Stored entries
# # # #

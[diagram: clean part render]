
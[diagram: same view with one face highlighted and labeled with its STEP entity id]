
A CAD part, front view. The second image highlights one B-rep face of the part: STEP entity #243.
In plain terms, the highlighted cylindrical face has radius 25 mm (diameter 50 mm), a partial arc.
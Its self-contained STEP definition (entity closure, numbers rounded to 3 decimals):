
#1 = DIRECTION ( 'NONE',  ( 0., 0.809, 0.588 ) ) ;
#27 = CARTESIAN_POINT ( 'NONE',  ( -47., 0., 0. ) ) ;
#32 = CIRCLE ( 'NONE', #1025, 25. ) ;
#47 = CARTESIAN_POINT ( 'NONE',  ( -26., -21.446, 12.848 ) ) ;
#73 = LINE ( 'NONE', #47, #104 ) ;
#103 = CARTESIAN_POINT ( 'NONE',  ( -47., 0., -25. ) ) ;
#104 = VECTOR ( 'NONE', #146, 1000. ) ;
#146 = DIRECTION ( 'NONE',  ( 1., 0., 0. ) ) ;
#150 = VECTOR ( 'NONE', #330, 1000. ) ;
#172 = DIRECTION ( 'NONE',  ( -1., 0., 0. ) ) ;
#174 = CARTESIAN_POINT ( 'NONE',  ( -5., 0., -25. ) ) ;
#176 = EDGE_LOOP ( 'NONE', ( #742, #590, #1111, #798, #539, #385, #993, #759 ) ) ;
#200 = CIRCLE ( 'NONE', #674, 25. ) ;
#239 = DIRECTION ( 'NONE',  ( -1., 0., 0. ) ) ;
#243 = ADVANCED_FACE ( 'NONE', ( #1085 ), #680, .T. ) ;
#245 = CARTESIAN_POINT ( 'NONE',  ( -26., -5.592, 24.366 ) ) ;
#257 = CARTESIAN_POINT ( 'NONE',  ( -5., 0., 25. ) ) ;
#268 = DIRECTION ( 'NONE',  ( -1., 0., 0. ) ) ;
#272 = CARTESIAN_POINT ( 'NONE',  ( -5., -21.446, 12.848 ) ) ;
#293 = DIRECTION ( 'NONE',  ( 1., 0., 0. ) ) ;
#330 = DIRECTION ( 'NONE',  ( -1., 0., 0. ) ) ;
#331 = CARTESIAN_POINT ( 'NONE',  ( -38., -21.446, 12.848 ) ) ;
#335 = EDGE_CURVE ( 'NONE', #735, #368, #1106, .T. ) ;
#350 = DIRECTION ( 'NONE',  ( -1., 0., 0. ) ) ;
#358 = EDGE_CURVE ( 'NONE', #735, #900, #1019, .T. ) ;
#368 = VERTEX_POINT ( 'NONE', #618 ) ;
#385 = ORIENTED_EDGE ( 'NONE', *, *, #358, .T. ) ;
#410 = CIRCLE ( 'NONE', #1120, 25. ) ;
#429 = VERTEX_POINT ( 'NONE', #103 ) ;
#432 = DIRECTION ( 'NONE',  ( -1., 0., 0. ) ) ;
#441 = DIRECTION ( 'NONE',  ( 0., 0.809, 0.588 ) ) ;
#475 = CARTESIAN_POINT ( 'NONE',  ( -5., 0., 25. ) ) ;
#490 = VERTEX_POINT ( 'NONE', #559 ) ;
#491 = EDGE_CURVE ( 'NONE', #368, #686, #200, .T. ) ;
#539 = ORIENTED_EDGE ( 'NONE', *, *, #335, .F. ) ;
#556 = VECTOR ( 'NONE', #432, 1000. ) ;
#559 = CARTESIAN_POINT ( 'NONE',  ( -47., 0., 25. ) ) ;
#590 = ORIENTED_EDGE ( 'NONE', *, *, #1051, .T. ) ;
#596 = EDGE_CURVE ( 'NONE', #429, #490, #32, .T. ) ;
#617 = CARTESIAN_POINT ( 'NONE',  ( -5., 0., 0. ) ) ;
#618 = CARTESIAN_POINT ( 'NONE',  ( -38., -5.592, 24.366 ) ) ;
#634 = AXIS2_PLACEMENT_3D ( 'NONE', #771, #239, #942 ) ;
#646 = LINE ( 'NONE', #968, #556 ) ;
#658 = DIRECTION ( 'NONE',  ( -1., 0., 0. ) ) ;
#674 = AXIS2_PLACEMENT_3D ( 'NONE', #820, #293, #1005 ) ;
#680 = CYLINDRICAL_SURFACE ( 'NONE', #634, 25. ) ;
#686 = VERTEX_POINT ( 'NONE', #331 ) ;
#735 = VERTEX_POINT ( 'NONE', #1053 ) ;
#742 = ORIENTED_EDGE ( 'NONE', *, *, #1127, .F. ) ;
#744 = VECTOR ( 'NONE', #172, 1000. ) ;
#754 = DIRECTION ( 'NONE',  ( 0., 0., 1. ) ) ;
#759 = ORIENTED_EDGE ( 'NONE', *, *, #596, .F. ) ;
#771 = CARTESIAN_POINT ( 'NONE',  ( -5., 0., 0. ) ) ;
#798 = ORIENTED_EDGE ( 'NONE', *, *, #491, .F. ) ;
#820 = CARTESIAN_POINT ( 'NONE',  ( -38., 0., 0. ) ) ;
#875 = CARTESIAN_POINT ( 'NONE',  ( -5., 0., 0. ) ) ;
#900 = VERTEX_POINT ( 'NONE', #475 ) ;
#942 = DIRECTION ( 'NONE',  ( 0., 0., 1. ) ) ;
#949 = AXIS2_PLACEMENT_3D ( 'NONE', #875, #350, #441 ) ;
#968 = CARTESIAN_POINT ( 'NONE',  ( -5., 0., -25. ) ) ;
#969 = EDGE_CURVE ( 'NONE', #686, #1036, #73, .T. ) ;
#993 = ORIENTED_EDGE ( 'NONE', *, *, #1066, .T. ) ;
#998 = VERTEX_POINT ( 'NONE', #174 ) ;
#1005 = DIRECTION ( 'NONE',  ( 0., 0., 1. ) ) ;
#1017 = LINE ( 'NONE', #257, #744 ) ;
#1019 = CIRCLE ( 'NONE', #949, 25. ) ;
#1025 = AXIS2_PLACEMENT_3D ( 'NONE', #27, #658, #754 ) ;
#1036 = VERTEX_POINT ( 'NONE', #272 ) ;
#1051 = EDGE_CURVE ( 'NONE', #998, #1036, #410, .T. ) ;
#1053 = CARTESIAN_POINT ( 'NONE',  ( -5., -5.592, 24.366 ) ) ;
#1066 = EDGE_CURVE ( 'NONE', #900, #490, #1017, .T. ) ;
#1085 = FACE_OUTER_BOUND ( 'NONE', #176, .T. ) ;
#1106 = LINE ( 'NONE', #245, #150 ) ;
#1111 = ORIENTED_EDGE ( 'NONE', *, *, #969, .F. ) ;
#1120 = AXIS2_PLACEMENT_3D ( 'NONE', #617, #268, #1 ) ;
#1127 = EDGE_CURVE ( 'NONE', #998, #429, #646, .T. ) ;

# # # #

** EXERCISE GOAL **
Show the lines from the data above that contain the string "CIRCLE".

** RESPONSE AREA **
#32 = CIRCLE ( 'NONE', #1025, 25. ) ;
#200 = CIRCLE ( 'NONE', #674, 25. ) ;
#410 = CIRCLE ( 'NONE', #1120, 25. ) ;
#1019 = CIRCLE ( 'NONE', #949, 25. ) ;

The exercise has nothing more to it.